━━━ Supplied material ━━━

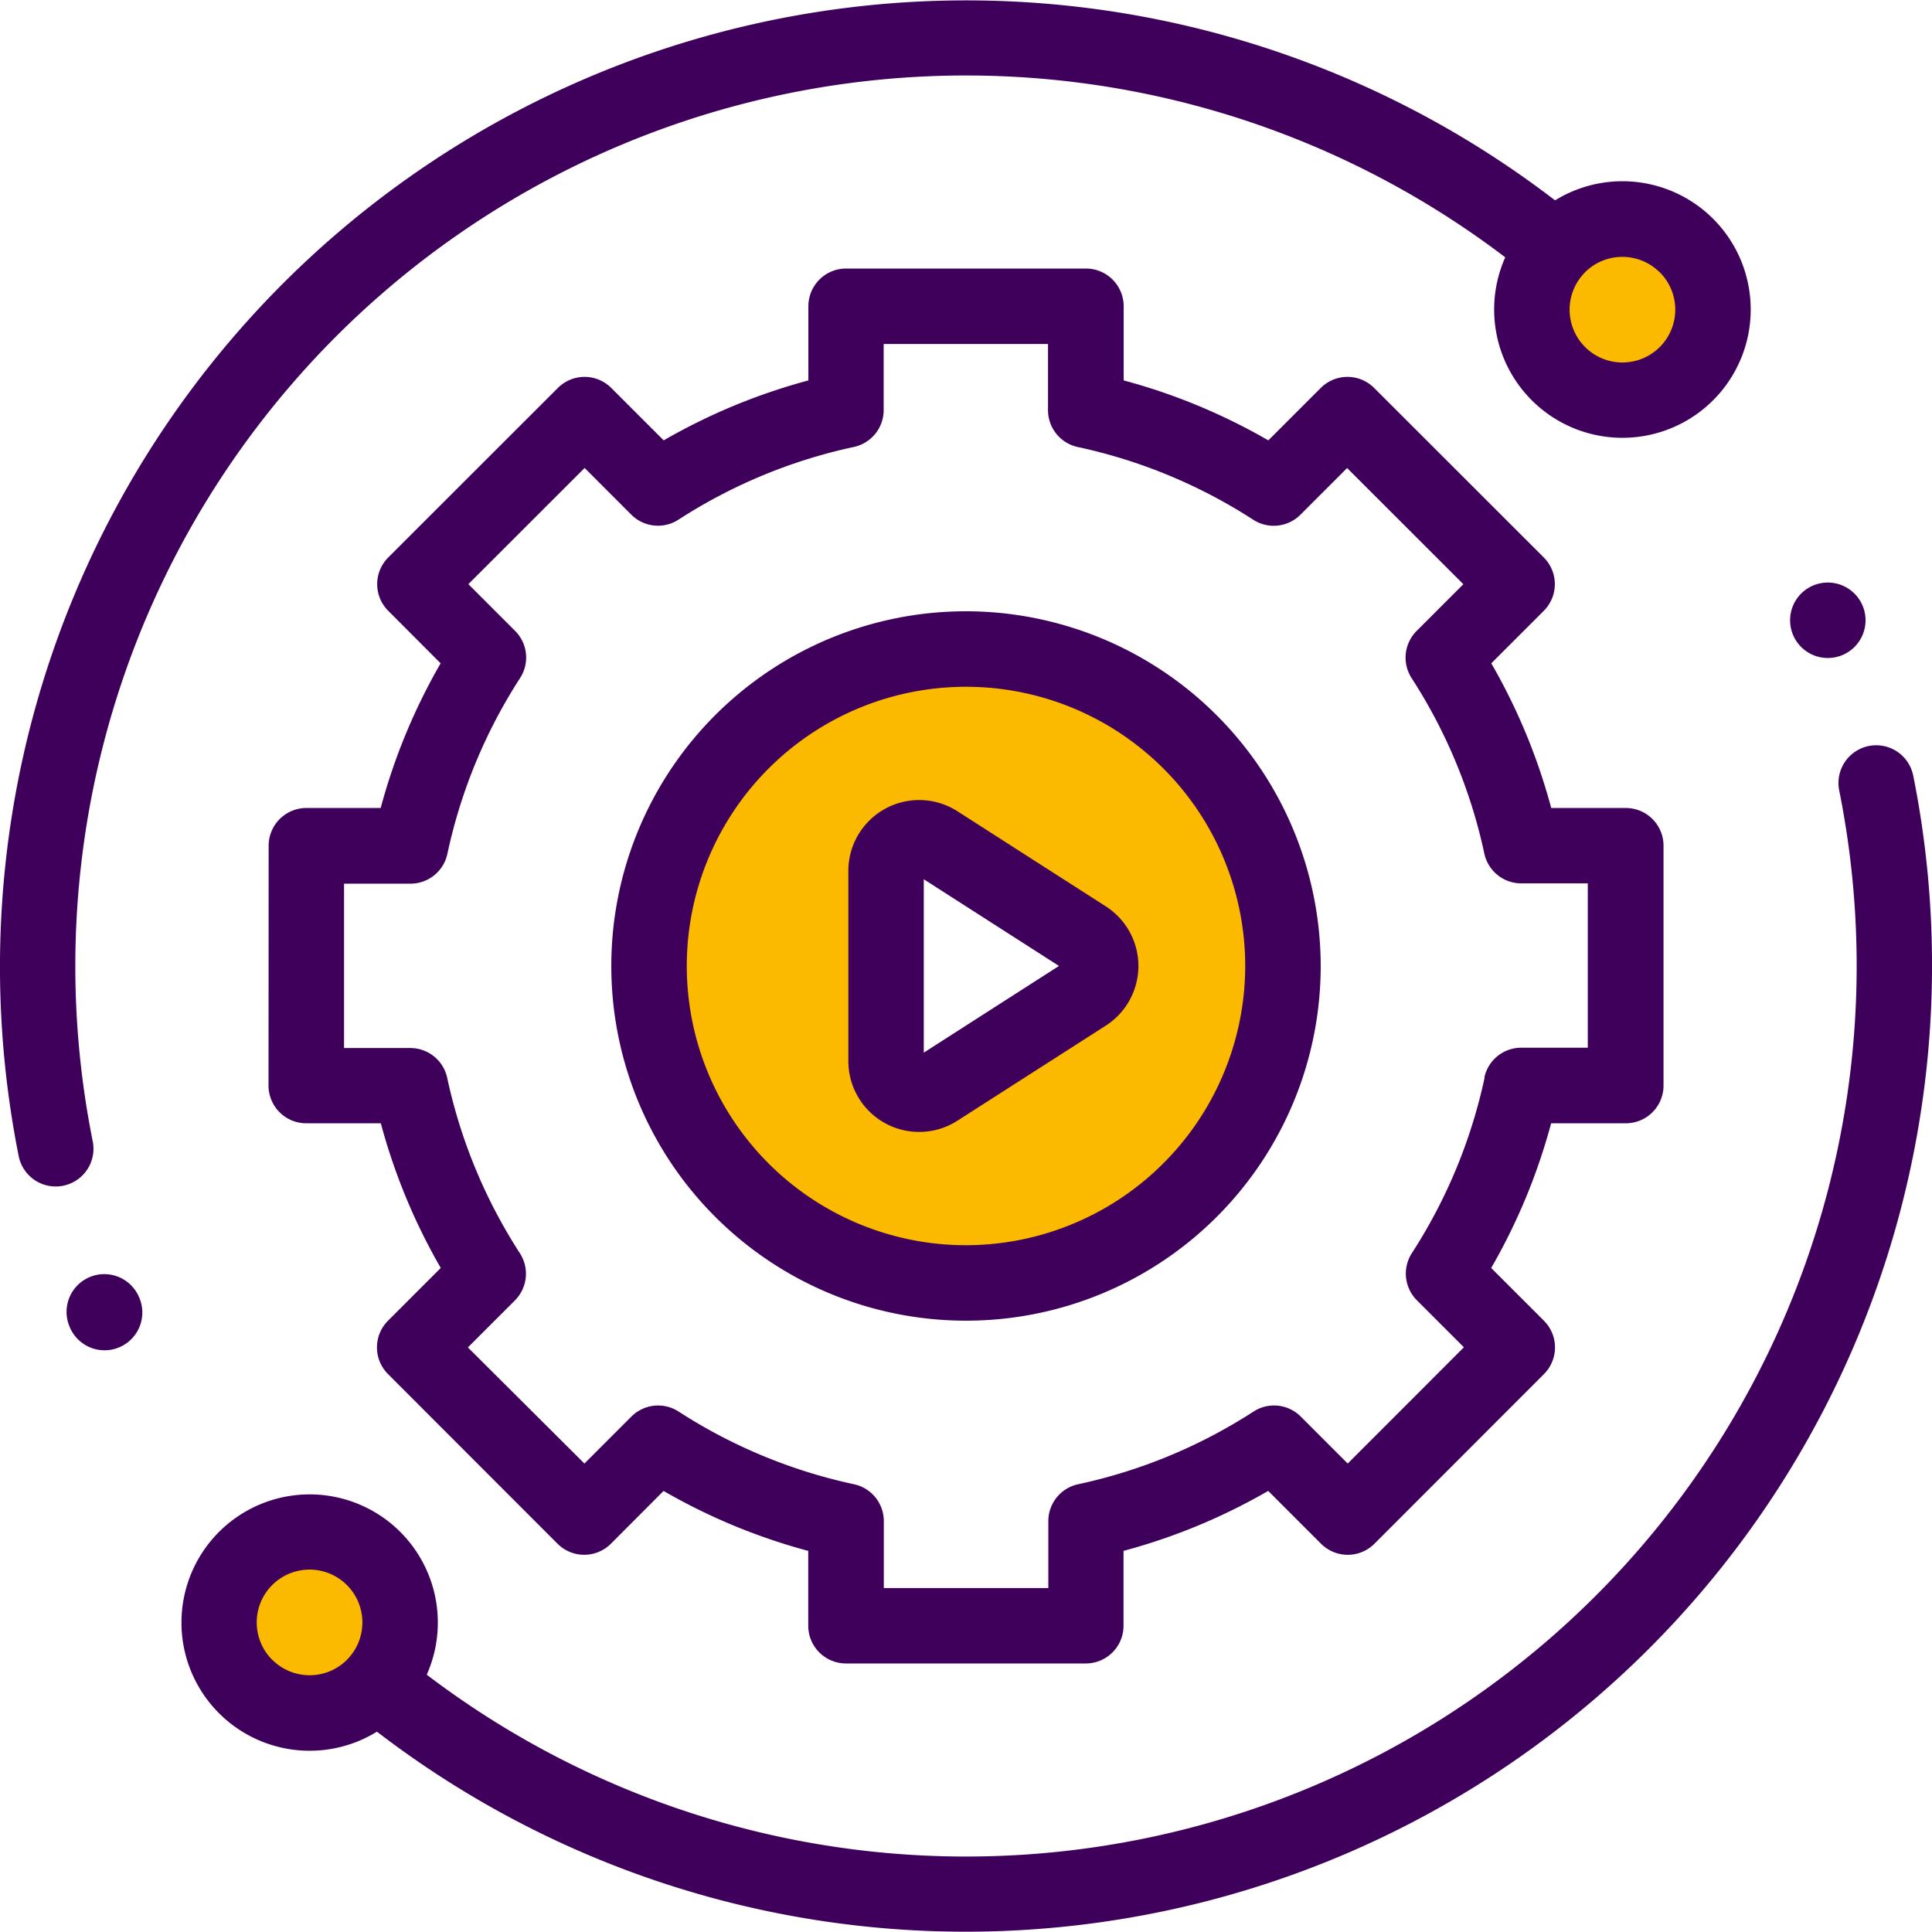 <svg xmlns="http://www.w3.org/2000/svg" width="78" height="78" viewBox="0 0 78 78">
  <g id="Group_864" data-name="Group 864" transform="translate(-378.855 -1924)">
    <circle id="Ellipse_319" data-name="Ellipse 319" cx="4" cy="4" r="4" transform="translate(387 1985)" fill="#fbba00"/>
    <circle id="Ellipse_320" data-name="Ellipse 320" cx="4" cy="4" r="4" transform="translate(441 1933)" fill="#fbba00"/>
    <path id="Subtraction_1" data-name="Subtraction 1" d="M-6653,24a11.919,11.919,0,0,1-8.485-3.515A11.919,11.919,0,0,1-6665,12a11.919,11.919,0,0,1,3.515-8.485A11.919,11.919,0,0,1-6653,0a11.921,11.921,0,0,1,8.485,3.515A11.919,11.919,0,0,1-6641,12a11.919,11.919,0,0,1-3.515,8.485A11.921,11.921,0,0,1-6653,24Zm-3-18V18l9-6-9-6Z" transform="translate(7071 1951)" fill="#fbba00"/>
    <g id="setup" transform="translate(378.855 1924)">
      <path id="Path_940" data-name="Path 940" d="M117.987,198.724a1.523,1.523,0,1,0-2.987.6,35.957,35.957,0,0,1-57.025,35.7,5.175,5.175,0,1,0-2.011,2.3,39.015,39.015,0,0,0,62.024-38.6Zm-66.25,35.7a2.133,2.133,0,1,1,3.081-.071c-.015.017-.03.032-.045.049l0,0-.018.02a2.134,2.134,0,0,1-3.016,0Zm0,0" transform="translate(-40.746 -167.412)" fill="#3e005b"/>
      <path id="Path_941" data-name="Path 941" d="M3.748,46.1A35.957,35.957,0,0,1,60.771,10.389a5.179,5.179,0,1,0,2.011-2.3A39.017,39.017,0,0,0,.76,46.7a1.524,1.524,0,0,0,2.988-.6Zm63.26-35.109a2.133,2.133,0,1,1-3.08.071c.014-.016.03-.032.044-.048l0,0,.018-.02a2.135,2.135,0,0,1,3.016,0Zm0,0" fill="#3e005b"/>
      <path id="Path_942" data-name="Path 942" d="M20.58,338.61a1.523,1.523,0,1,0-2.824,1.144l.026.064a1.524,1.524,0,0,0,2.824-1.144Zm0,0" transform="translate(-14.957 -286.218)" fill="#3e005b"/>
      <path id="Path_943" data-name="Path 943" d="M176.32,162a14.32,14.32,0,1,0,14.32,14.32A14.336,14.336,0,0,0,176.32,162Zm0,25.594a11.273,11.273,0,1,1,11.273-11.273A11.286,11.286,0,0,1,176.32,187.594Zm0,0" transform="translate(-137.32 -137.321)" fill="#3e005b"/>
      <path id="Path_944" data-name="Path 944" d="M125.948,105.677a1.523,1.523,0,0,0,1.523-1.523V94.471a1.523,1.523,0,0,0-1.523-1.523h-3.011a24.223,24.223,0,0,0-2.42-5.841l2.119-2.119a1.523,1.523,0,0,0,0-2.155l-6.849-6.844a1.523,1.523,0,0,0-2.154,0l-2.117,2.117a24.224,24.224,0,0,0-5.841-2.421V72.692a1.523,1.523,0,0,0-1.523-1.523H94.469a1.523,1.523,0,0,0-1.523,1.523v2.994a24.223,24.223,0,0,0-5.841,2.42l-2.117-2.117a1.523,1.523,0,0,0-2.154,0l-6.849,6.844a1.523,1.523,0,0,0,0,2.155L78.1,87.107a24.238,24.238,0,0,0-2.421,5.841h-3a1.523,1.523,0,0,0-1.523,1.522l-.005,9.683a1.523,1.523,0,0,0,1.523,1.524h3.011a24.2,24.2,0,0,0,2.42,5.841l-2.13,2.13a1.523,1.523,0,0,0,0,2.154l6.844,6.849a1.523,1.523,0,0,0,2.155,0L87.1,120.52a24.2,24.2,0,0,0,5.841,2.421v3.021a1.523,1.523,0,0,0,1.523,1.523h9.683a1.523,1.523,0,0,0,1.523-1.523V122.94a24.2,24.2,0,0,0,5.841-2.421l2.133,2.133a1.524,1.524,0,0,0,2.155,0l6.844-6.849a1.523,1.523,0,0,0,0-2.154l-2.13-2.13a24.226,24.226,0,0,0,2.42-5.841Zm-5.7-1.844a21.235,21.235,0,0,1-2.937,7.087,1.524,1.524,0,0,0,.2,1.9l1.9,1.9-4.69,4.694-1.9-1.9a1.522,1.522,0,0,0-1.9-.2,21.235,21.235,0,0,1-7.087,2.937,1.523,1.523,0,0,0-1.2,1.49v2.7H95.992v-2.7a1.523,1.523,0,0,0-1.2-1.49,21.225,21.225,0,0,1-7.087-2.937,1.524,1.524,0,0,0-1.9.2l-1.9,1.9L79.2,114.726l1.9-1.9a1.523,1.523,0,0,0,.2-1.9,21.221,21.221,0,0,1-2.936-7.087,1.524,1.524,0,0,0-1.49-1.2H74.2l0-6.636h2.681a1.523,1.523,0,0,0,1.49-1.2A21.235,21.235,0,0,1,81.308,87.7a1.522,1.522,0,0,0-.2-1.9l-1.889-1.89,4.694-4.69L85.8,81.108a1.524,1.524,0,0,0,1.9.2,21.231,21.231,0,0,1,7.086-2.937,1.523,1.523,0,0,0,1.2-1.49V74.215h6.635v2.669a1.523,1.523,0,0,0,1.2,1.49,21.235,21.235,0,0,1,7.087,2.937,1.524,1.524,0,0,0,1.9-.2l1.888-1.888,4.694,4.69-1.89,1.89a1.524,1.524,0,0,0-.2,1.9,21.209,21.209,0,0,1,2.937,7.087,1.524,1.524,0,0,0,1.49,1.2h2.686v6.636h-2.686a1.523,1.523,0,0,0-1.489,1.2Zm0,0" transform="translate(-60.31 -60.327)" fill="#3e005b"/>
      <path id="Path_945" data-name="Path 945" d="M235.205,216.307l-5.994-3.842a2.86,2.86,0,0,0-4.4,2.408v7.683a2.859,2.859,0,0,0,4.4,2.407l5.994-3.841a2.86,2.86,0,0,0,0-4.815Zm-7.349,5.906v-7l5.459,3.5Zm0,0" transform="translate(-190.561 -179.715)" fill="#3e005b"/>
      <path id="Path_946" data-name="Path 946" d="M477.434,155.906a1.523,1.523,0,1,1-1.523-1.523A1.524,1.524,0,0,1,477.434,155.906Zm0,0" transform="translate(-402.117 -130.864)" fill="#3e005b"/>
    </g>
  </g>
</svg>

━━━

:: To do ::
The expected answer is the complete set of entries, copied verbatim, with no pictures.

:: Exercise answer ::
 <svg xmlns="http://www.w3.org/2000/svg" width="78" height="78" viewBox="0 0 78 78">
  <g id="Group_864" data-name="Group 864" transform="translate(-378.855 -1924)">
    <circle id="Ellipse_319" data-name="Ellipse 319" cx="4" cy="4" r="4" transform="translate(387 1985)" fill="#fbba00"/>
    <circle id="Ellipse_320" data-name="Ellipse 320" cx="4" cy="4" r="4" transform="translate(441 1933)" fill="#fbba00"/>
    <path id="Subtraction_1" data-name="Subtraction 1" d="M-6653,24a11.919,11.919,0,0,1-8.485-3.515A11.919,11.919,0,0,1-6665,12a11.919,11.919,0,0,1,3.515-8.485A11.919,11.919,0,0,1-6653,0a11.921,11.921,0,0,1,8.485,3.515A11.919,11.919,0,0,1-6641,12a11.919,11.919,0,0,1-3.515,8.485A11.921,11.921,0,0,1-6653,24Zm-3-18V18l9-6-9-6Z" transform="translate(7071 1951)" fill="#fbba00"/>
    <g id="setup" transform="translate(378.855 1924)">
      <path id="Path_940" data-name="Path 940" d="M117.987,198.724a1.523,1.523,0,1,0-2.987.6,35.957,35.957,0,0,1-57.025,35.7,5.175,5.175,0,1,0-2.011,2.3,39.015,39.015,0,0,0,62.024-38.6Zm-66.25,35.7a2.133,2.133,0,1,1,3.081-.071c-.015.017-.03.032-.045.049l0,0-.018.02a2.134,2.134,0,0,1-3.016,0Zm0,0" transform="translate(-40.746 -167.412)" fill="#3e005b"/>
      <path id="Path_941" data-name="Path 941" d="M3.748,46.1A35.957,35.957,0,0,1,60.771,10.389a5.179,5.179,0,1,0,2.011-2.3A39.017,39.017,0,0,0,.76,46.7a1.524,1.524,0,0,0,2.988-.6Zm63.26-35.109a2.133,2.133,0,1,1-3.08.071c.014-.016.03-.032.044-.048l0,0,.018-.02a2.135,2.135,0,0,1,3.016,0Zm0,0" fill="#3e005b"/>
      <path id="Path_942" data-name="Path 942" d="M20.58,338.61a1.523,1.523,0,1,0-2.824,1.144l.026.064a1.524,1.524,0,0,0,2.824-1.144Zm0,0" transform="translate(-14.957 -286.218)" fill="#3e005b"/>
      <path id="Path_943" data-name="Path 943" d="M176.32,162a14.32,14.32,0,1,0,14.32,14.32A14.336,14.336,0,0,0,176.32,162Zm0,25.594a11.273,11.273,0,1,1,11.273-11.273A11.286,11.286,0,0,1,176.32,187.594Zm0,0" transform="translate(-137.32 -137.321)" fill="#3e005b"/>
      <path id="Path_944" data-name="Path 944" d="M125.948,105.677a1.523,1.523,0,0,0,1.523-1.523V94.471a1.523,1.523,0,0,0-1.523-1.523h-3.011a24.223,24.223,0,0,0-2.42-5.841l2.119-2.119a1.523,1.523,0,0,0,0-2.155l-6.849-6.844a1.523,1.523,0,0,0-2.154,0l-2.117,2.117a24.224,24.224,0,0,0-5.841-2.421V72.692a1.523,1.523,0,0,0-1.523-1.523H94.469a1.523,1.523,0,0,0-1.523,1.523v2.994a24.223,24.223,0,0,0-5.841,2.42l-2.117-2.117a1.523,1.523,0,0,0-2.154,0l-6.849,6.844a1.523,1.523,0,0,0,0,2.155L78.1,87.107a24.238,24.238,0,0,0-2.421,5.841h-3a1.523,1.523,0,0,0-1.523,1.522l-.005,9.683a1.523,1.523,0,0,0,1.523,1.524h3.011a24.2,24.2,0,0,0,2.42,5.841l-2.13,2.13a1.523,1.523,0,0,0,0,2.154l6.844,6.849a1.523,1.523,0,0,0,2.155,0L87.1,120.52a24.2,24.2,0,0,0,5.841,2.421v3.021a1.523,1.523,0,0,0,1.523,1.523h9.683a1.523,1.523,0,0,0,1.523-1.523V122.94a24.2,24.2,0,0,0,5.841-2.421l2.133,2.133a1.524,1.524,0,0,0,2.155,0l6.844-6.849a1.523,1.523,0,0,0,0-2.154l-2.13-2.13a24.226,24.226,0,0,0,2.42-5.841Zm-5.7-1.844a21.235,21.235,0,0,1-2.937,7.087,1.524,1.524,0,0,0,.2,1.9l1.9,1.9-4.69,4.694-1.9-1.9a1.522,1.522,0,0,0-1.9-.2,21.235,21.235,0,0,1-7.087,2.937,1.523,1.523,0,0,0-1.2,1.49v2.7H95.992v-2.7a1.523,1.523,0,0,0-1.2-1.49,21.225,21.225,0,0,1-7.087-2.937,1.524,1.524,0,0,0-1.9.2l-1.9,1.9L79.2,114.726l1.9-1.9a1.523,1.523,0,0,0,.2-1.9,21.221,21.221,0,0,1-2.936-7.087,1.524,1.524,0,0,0-1.49-1.2H74.2l0-6.636h2.681a1.523,1.523,0,0,0,1.49-1.2A21.235,21.235,0,0,1,81.308,87.7a1.522,1.522,0,0,0-.2-1.9l-1.889-1.89,4.694-4.69L85.8,81.108a1.524,1.524,0,0,0,1.9.2,21.231,21.231,0,0,1,7.086-2.937,1.523,1.523,0,0,0,1.2-1.49V74.215h6.635v2.669a1.523,1.523,0,0,0,1.2,1.49,21.235,21.235,0,0,1,7.087,2.937,1.524,1.524,0,0,0,1.9-.2l1.888-1.888,4.694,4.69-1.89,1.89a1.524,1.524,0,0,0-.2,1.9,21.209,21.209,0,0,1,2.937,7.087,1.524,1.524,0,0,0,1.49,1.2h2.686v6.636h-2.686a1.523,1.523,0,0,0-1.489,1.2Zm0,0" transform="translate(-60.31 -60.327)" fill="#3e005b"/>
      <path id="Path_945" data-name="Path 945" d="M235.205,216.307l-5.994-3.842a2.86,2.86,0,0,0-4.4,2.408v7.683a2.859,2.859,0,0,0,4.4,2.407l5.994-3.841a2.86,2.86,0,0,0,0-4.815Zm-7.349,5.906v-7l5.459,3.5Zm0,0" transform="translate(-190.561 -179.715)" fill="#3e005b"/>
      <path id="Path_946" data-name="Path 946" d="M477.434,155.906a1.523,1.523,0,1,1-1.523-1.523A1.524,1.524,0,0,1,477.434,155.906Zm0,0" transform="translate(-402.117 -130.864)" fill="#3e005b"/>
    </g>
  </g>
</svg>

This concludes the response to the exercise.